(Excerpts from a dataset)
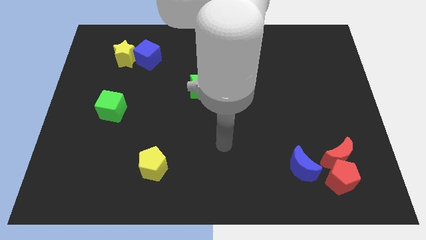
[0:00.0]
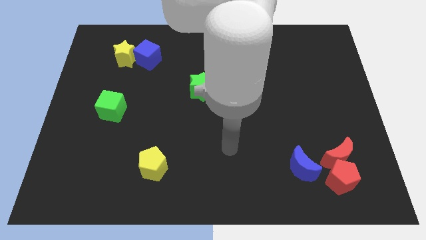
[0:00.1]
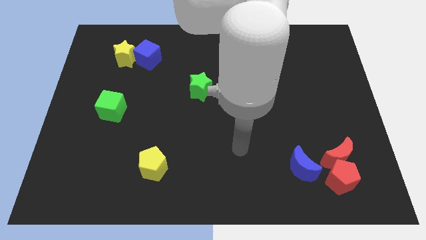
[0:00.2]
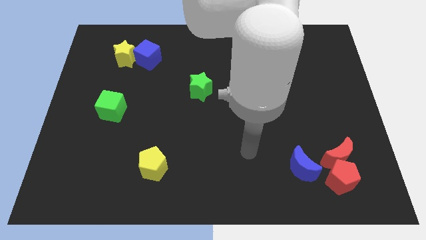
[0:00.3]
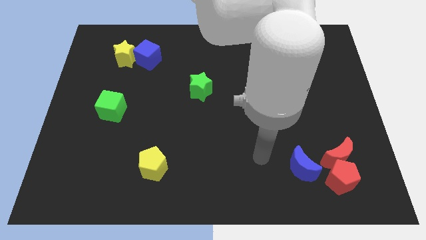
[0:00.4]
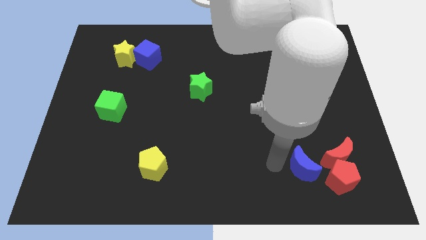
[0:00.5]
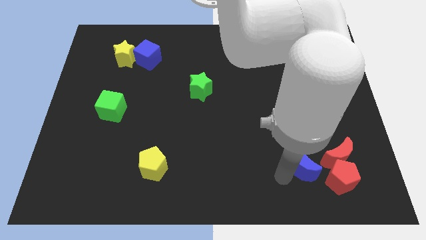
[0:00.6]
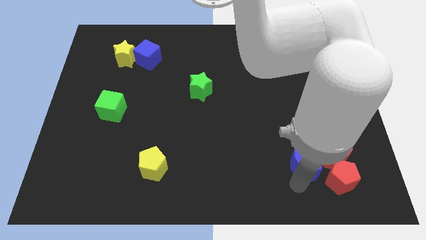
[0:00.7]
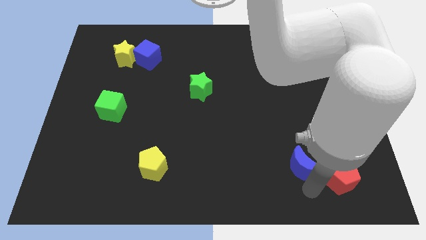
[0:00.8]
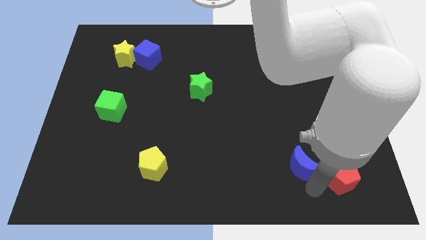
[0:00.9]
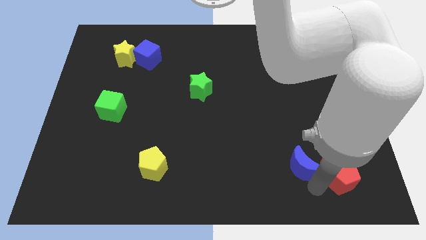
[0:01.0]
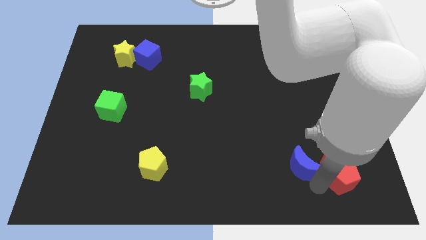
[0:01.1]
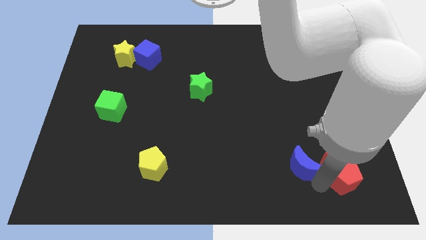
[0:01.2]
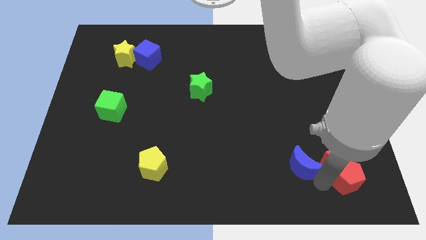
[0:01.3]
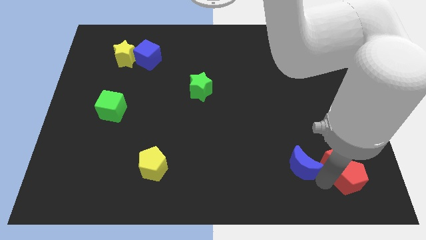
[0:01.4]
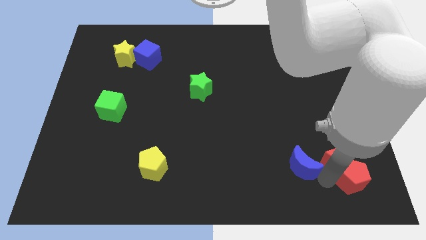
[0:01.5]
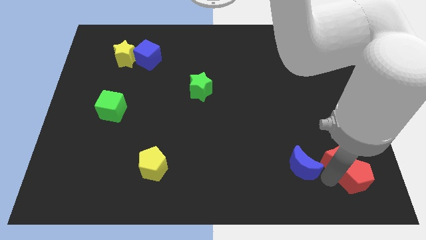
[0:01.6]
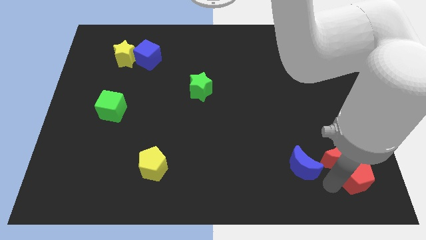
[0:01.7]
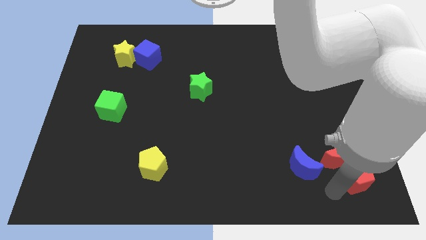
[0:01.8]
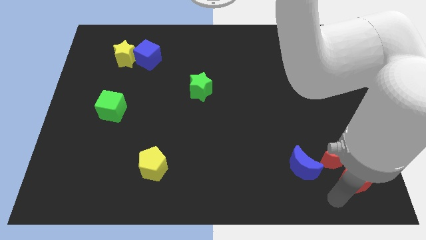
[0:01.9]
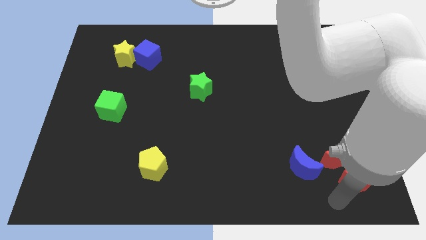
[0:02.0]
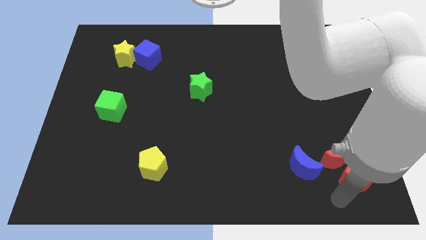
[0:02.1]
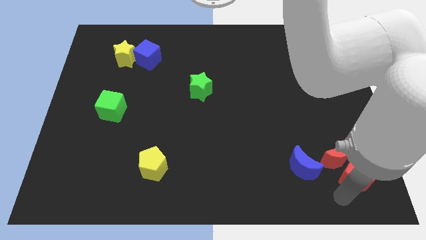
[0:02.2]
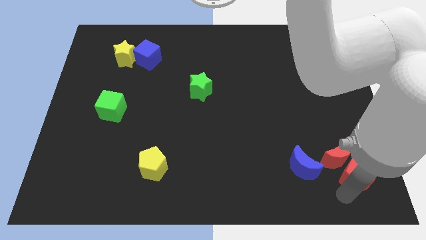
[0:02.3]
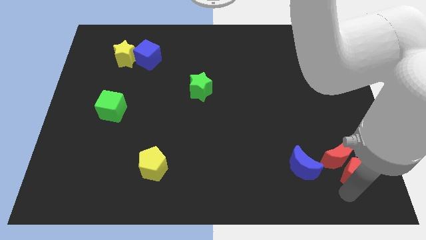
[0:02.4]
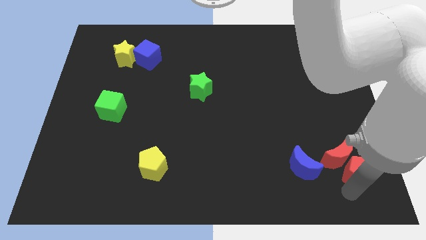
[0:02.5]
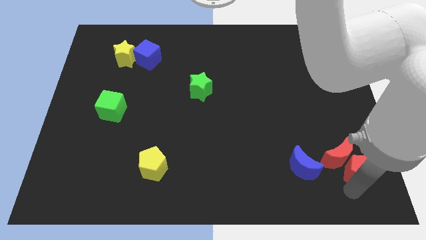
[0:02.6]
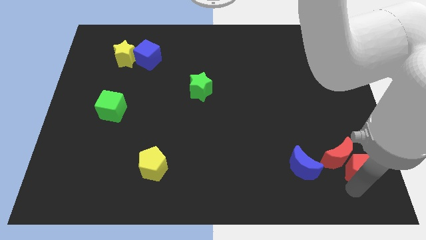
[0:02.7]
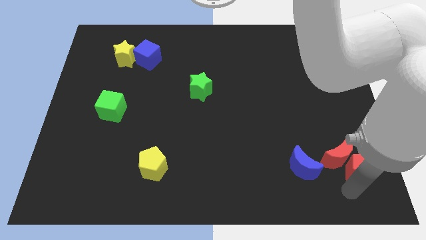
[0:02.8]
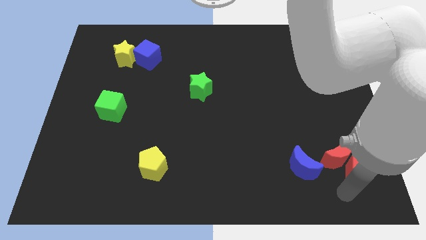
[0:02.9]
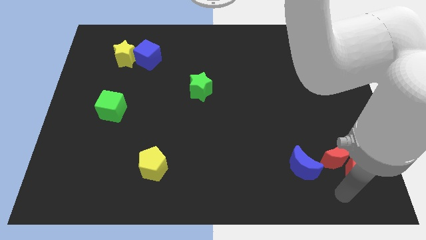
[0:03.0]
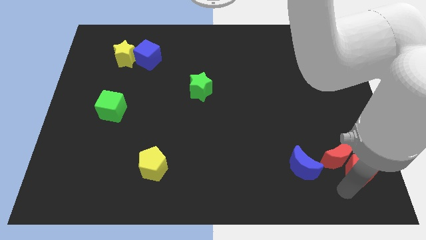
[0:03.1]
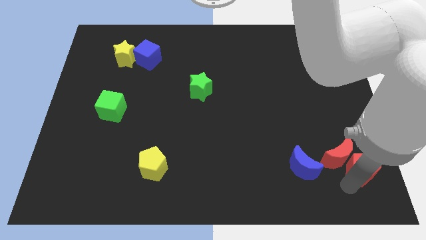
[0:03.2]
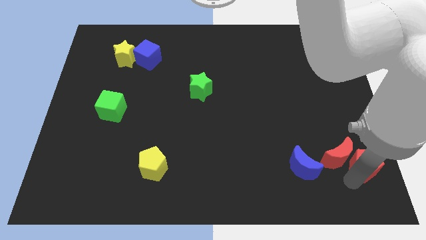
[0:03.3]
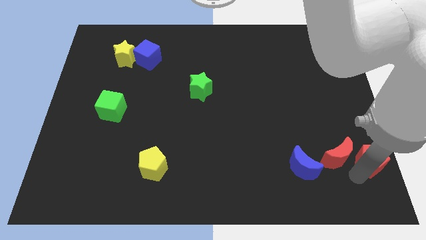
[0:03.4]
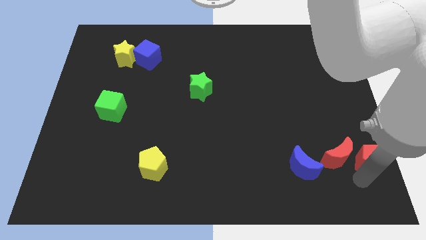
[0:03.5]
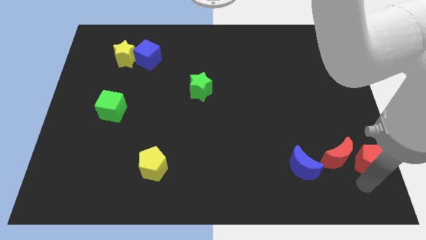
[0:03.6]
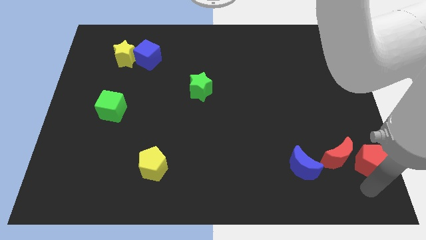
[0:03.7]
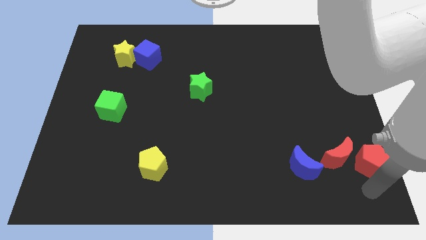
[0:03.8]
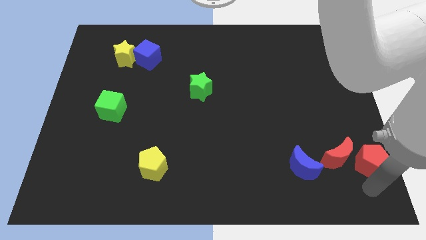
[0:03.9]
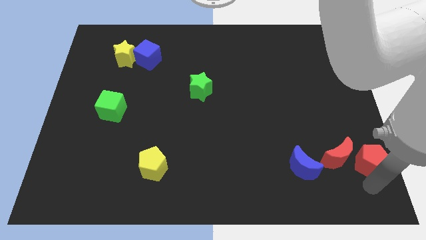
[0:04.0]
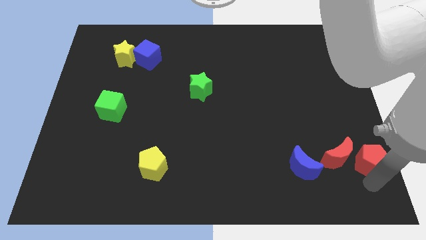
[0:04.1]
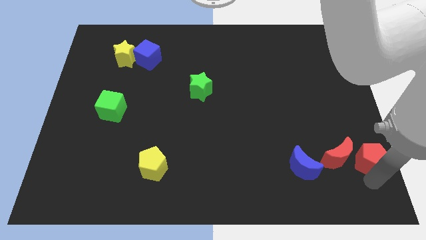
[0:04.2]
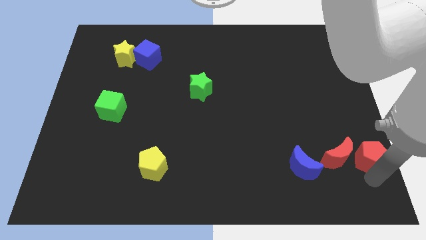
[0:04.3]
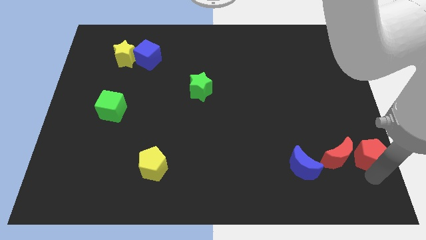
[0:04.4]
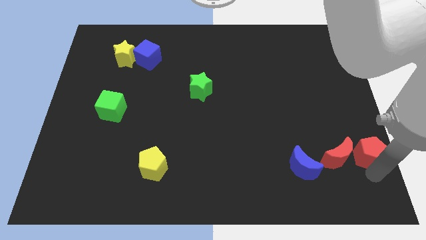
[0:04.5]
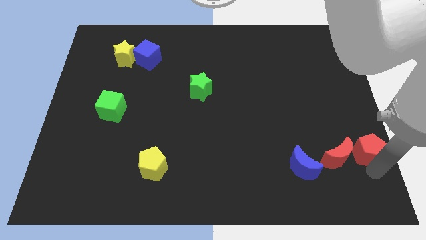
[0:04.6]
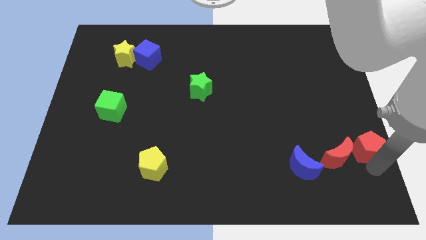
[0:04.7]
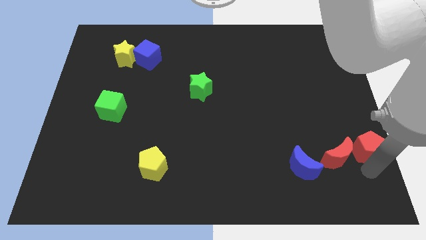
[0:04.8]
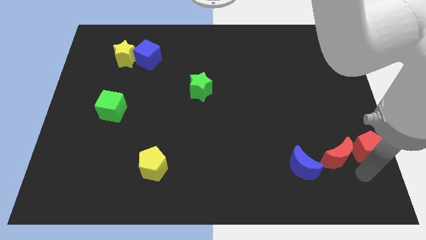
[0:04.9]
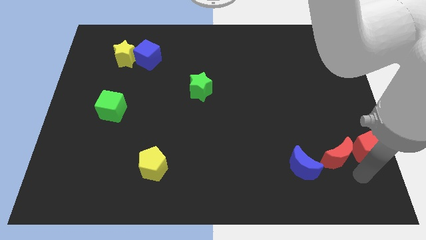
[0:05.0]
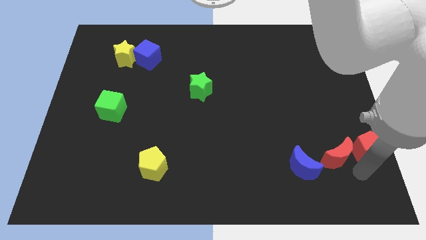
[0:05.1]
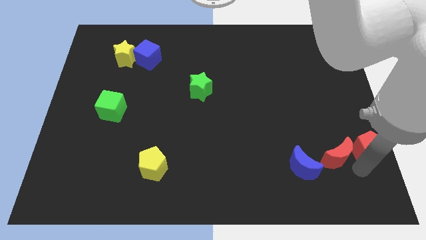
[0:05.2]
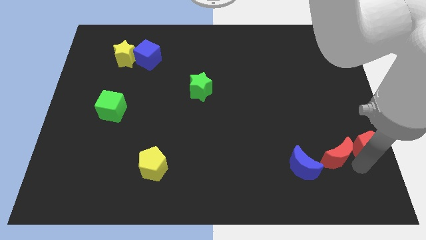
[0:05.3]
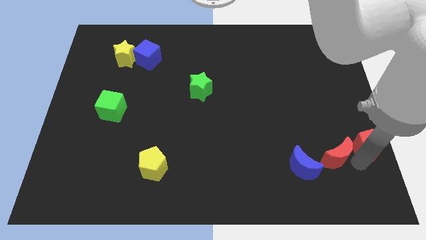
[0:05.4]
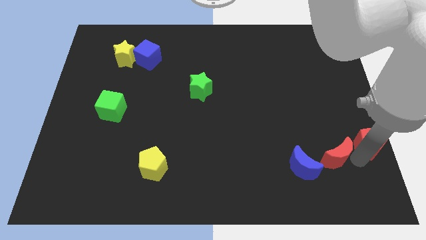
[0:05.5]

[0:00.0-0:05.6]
put the red pentagon to the center right

WORK TO COMPLETE: Return every line shown above without changing a word, and skip the pictures.

ANSWER SPACE:
[0:00.0]
[0:00.1]
[0:00.2]
[0:00.3]
[0:00.4]
[0:00.5]
[0:00.6]
[0:00.7]
[0:00.8]
[0:00.9]
[0:01.0]
[0:01.1]
[0:01.2]
[0:01.3]
[0:01.4]
[0:01.5]
[0:01.6]
[0:01.7]
[0:01.8]
[0:01.9]
[0:02.0]
[0:02.1]
[0:02.2]
[0:02.3]
[0:02.4]
[0:02.5]
[0:02.6]
[0:02.7]
[0:02.8]
[0:02.9]
[0:03.0]
[0:03.1]
[0:03.2]
[0:03.3]
[0:03.4]
[0:03.5]
[0:03.6]
[0:03.7]
[0:03.8]
[0:03.9]
[0:04.0]
[0:04.1]
[0:04.2]
[0:04.3]
[0:04.4]
[0:04.5]
[0:04.6]
[0:04.7]
[0:04.8]
[0:04.9]
[0:05.0]
[0:05.1]
[0:05.2]
[0:05.3]
[0:05.4]
[0:05.5]

[0:00.0-0:05.6]
put the red pentagon to the center right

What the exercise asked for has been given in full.